[Dataset excerpts]
------------

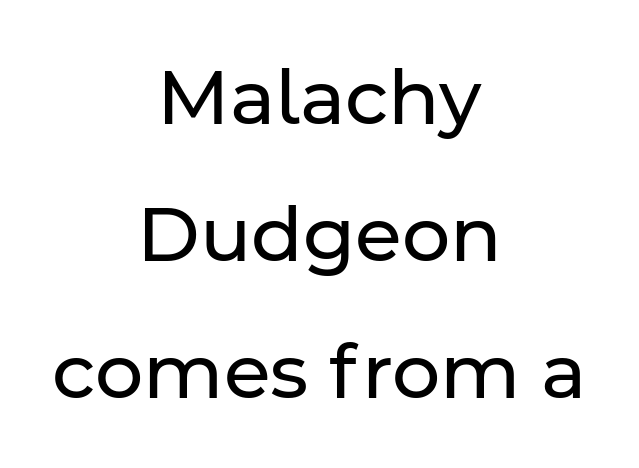
Q: Is the text bold? A: No.
Q: Is the text italic (slanted)? A: No, it is upright.
Q: Is the typeface a serif or a sans-serif typeface? A: Sans-serif.
Q: Is the text underlined? A: No.
Q: How is the paragraph aligned? A: Centered.
Q: Is the spacing between letters normal or unusually wide? A: Normal.
Q: Width (condensed, normal, or wide)? A: Normal.
Q: Stroke contrast? A: Low.
Q: x-height? A: Medium.
Q: Monospaced? A: No.
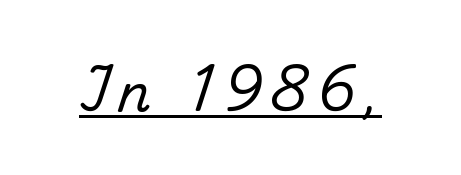
Q: Is the text italic (slanted)? A: Yes.
Q: Is the typeface a serif or a sans-serif typeface? A: Serif.
Q: Is the text underlined? A: Yes.
Q: Is the spacing between letters normal or unusually wide? A: Unusually wide.
Q: Width (condensed, normal, or wide)? A: Normal.
Q: Stroke contrast? A: Medium.
Q: x-height? A: Small.
Q: Monospaced? A: No.
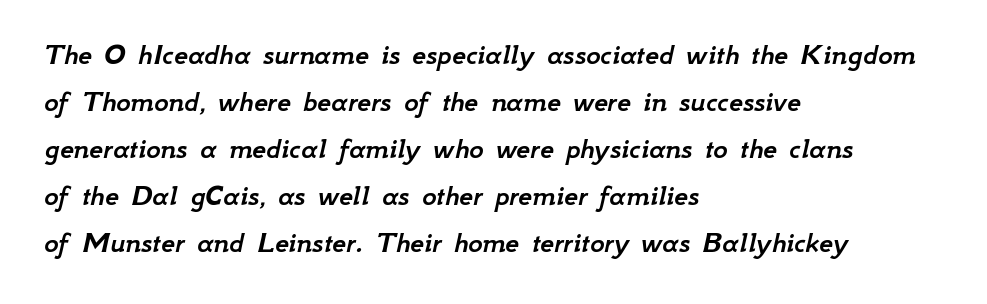
The image shows 31 px text type, italic (leaning right); set left-aligned, normal line spacing (1.52x), normal letter spacing, not underlined; low stroke contrast and a small x-height.
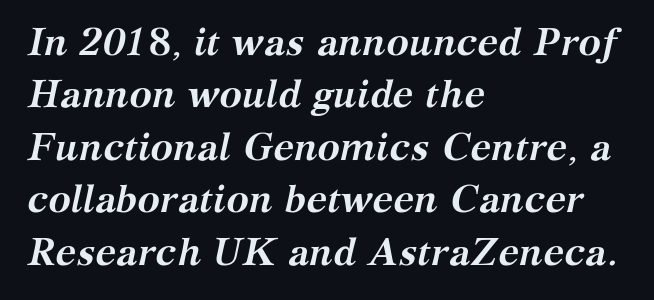
The image shows 38 px semibold serif type, italic (leaning right); set left-aligned, normal line spacing (1.38x), normal letter spacing, not underlined; medium stroke contrast and a medium x-height.
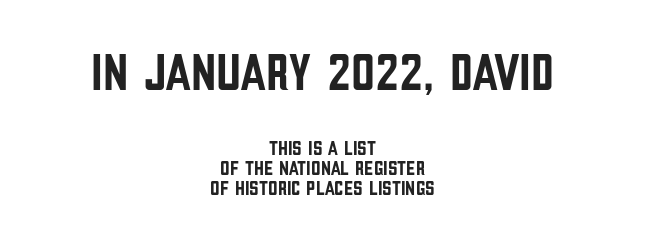
The image shows 53 px condensed sans-serif type, upright; set centered, tight line spacing (0.95x), normal letter spacing, not underlined; the first (top) block is 2.52x larger; low stroke contrast and a large x-height.
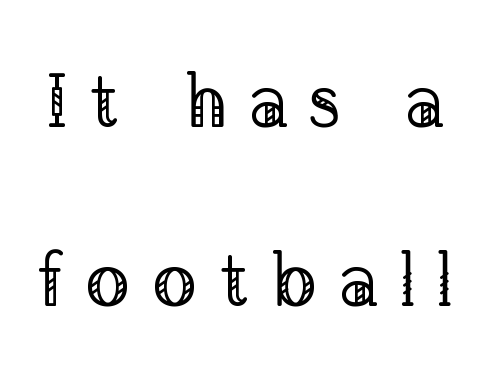
Q: Is the text bold? A: No.
Q: Is the text italic (slanted)? A: No, it is upright.
Q: Is the typeface a serif or a sans-serif typeface? A: Serif.
Q: Is the text underlined? A: No.
Q: Is the spacing between letters normal or unusually wide? A: Unusually wide.
Q: Is the spacing between lines tight, normal or loose? A: Loose.
Q: Width (condensed, normal, or wide)? A: Normal.
Q: Stroke contrast? A: Low.
Q: x-height? A: Medium.
Q: Monospaced? A: No.
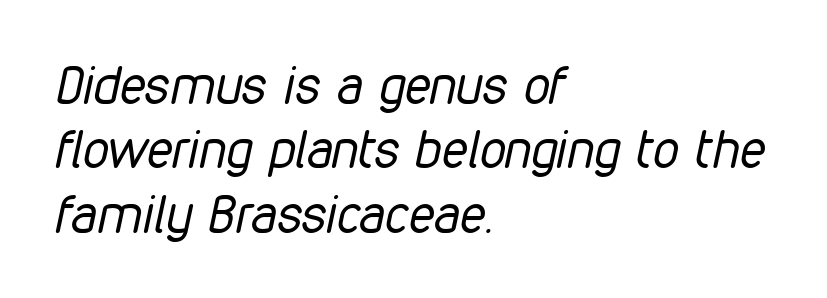
Words float on clear page, feet unadorned. Left-aligned paragraph, ragged on the right. These lines keep a tight, regular rhythm from letter to letter. Is the stroke heavy? The answer is a plain regular-or-lighter. You could not count columns in this text — the font is proportionally spaced. Looking at the ascenders, they clearly lean.
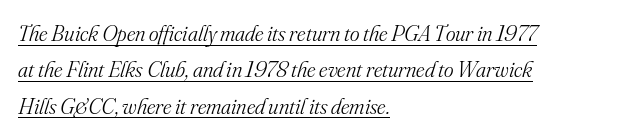
The image shows 23 px text type, italic (leaning right); set left-aligned, normal line spacing (1.58x), normal letter spacing, underlined.
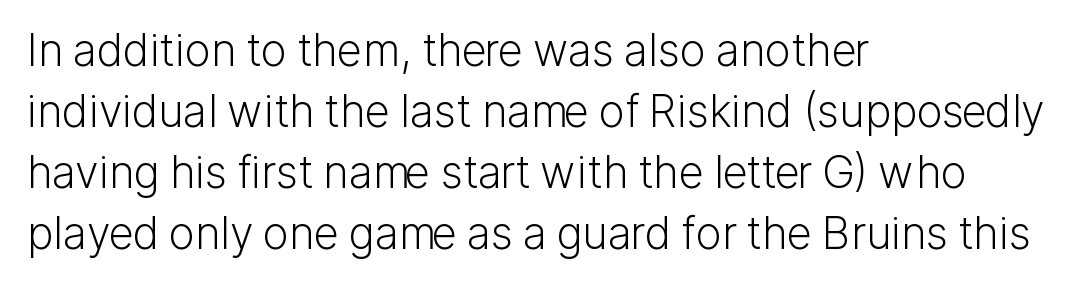
The image shows 44 px light sans-serif type, upright; set left-aligned, normal line spacing (1.39x), normal letter spacing, not underlined; low stroke contrast and a medium x-height.
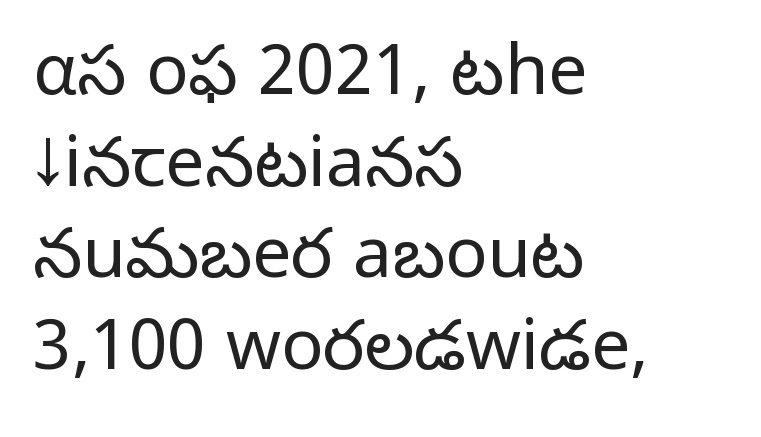
Q: Is the text bold? A: No.
Q: Is the text italic (slanted)? A: No, it is upright.
Q: Is the typeface a serif or a sans-serif typeface? A: Sans-serif.
Q: Is the text underlined? A: No.
Q: How is the paragraph aligned? A: Left-aligned.
Q: Is the spacing between letters normal or unusually wide? A: Normal.
Q: Is the spacing between lines tight, normal or loose? A: Normal.
Q: Width (condensed, normal, or wide)? A: Normal.
Q: Stroke contrast? A: Low.
Q: x-height? A: Medium.
Q: Monospaced? A: No.
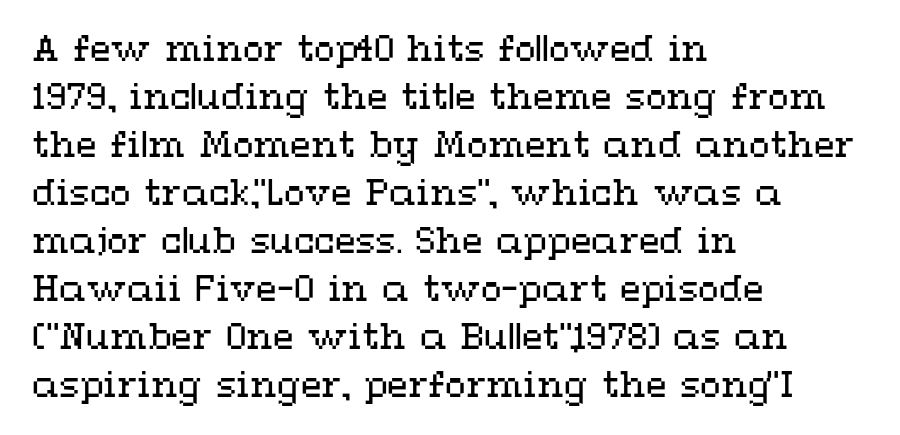
The image shows 34 px regular-weight, wide type, upright; set left-aligned, normal line spacing (1.41x), normal letter spacing, not underlined; medium stroke contrast and a medium x-height.
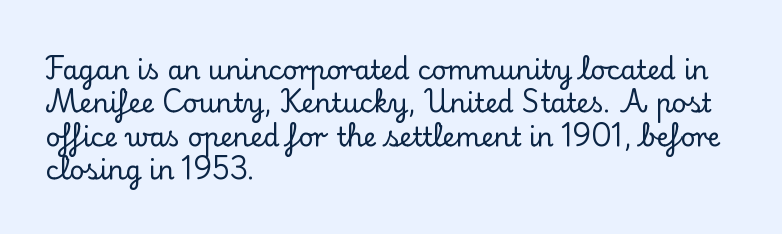
Beneath every word, the page is bare. Evenly set lines give the paragraph a standard silhouette. The compositor pushed each line to the left boundary. Spacing between characters is what you'd get straight out of the box. When letters stand straight like this, we call the style roman or upright.
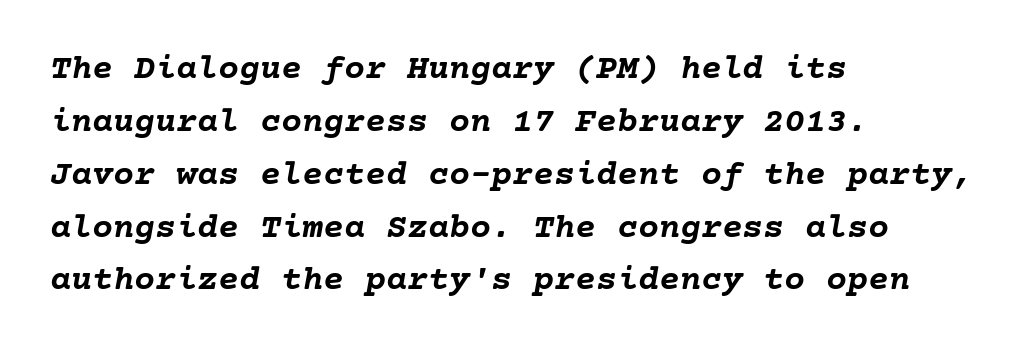
Each word holds together tightly as a unit, with standard inter-letter gaps. Left-aligned paragraph, ragged on the right. It's the slanting kind of type. Its strokes are broad and dark, the hallmark of bold type. The space between consecutive lines is moderate.
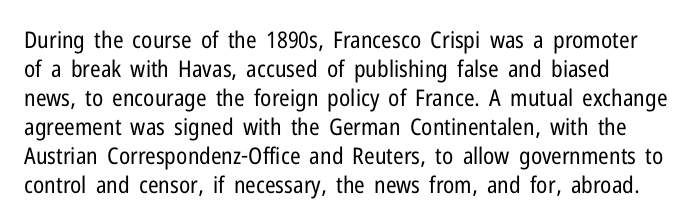
{"italic": "no", "bold": "no", "underline": "no", "align": "left", "line_spacing": "normal", "line_spacing_ratio": 1.26, "letter_spacing": "normal", "letter_spacing_em": 0.0, "glyph_px": 23}
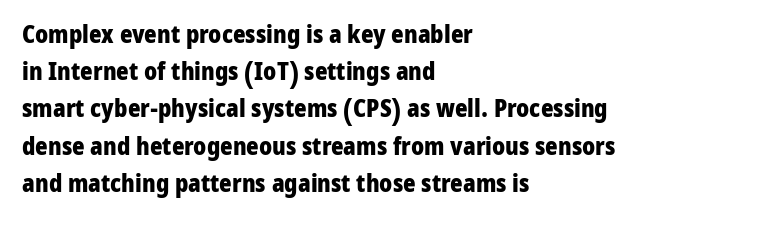
The passage shown has conventional tracking throughout. Underline: absent. The lines in this sample share a left origin and differ only in where they stop. These lines carry a lot of weight — the face is fully bold. Leading: standard. Characters remain perfectly vertical along every line.
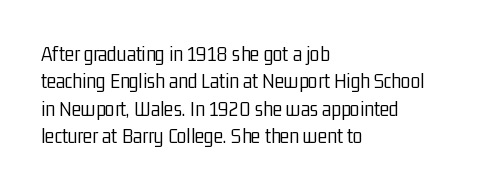
Counters stay open thanks to moderate or lighter strokes. All the whitespace from short lines collects on the right. Normally led — the rows are evenly, conventionally spaced. The glyphs are unaccompanied by any horizontal stroke below them.
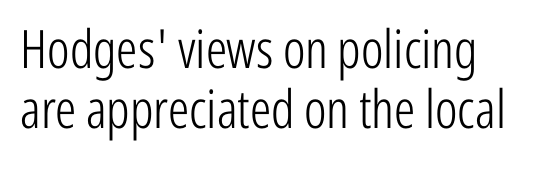
{"serif": "no", "italic": "no", "bold": "no", "weight": "light", "width": "condensed", "stroke_contrast": "low", "x_height": "medium", "monospaced": "no", "underline": "no", "align": "left", "line_spacing": "tight", "line_spacing_ratio": 1.14, "letter_spacing": "normal", "letter_spacing_em": 0.0, "glyph_px": 53}
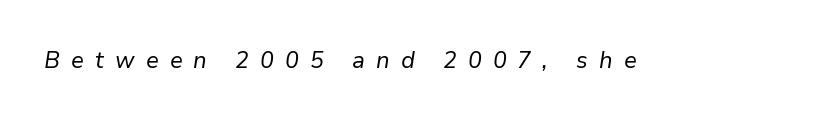
{"italic": "yes", "lean": "right", "slant_degrees": 9, "bold": "no", "underline": "no", "letter_spacing": "wide", "letter_spacing_em": 0.48, "glyph_px": 23}
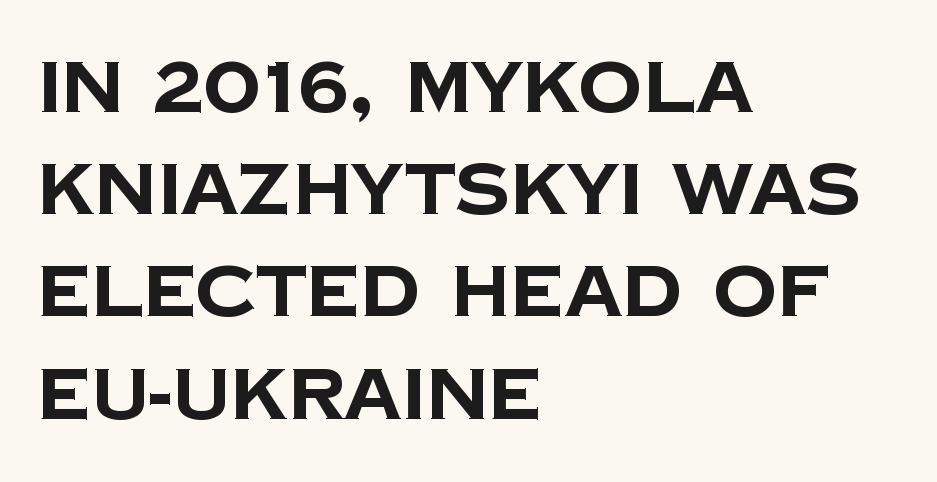
{"serif": "no", "bold": "yes", "weight": "bold", "width": "normal", "stroke_contrast": "low", "x_height": "large", "monospaced": "no", "underline": "no", "align": "left", "line_spacing": "normal", "line_spacing_ratio": 1.42, "letter_spacing": "normal", "letter_spacing_em": 0.0, "glyph_px": 72}
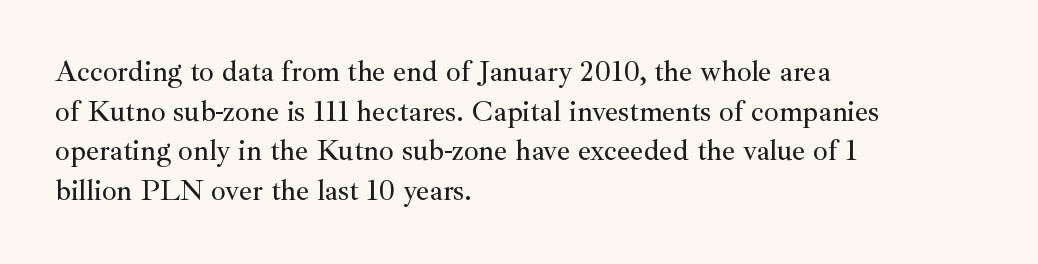
Type style note: has serifs. This sample keeps an unexceptional amount of space between lines. Default kerning and tracking; the words read as compact shapes. Is this a fixed-width face? No — the glyphs have proportional, varying widths. Is there any slant? The stems are plumb. The lines are quadded left.
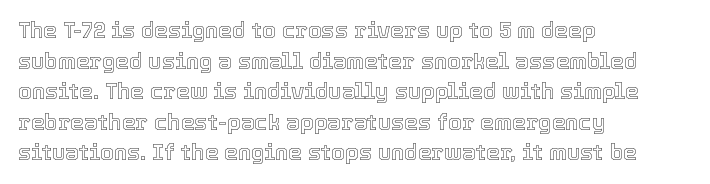
The image shows 22 px text type, upright; set left-aligned, normal line spacing (1.39x), normal letter spacing, not underlined.
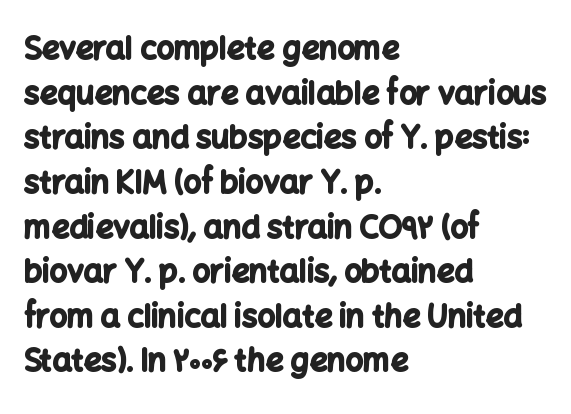
The glyphs are unaccompanied by any horizontal stroke below them. You could call the tracking neutral — neither tight nor loose. Stroke thickness is high; the sample reads as a true bold. Italic? Not at all — the glyphs are vertical. The face used here is proportionally spaced, like ordinary book or web type.
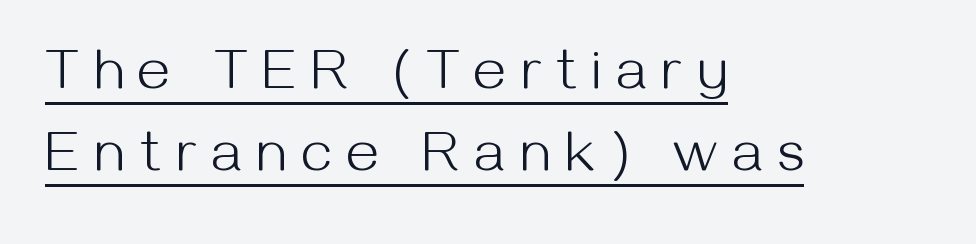
{"serif": "no", "italic": "no", "bold": "no", "weight": "light", "width": "normal", "stroke_contrast": "medium", "x_height": "medium", "monospaced": "no", "underline": "yes", "align": "left", "line_spacing": "normal", "line_spacing_ratio": 1.41, "letter_spacing": "wide", "letter_spacing_em": 0.26, "glyph_px": 58}

------------

[DIRECTIONS FOR THIS TASK]
Say how many lines of the data hold the string "lighter". Reply with the number alone.

[WRITTEN ANSWER]
2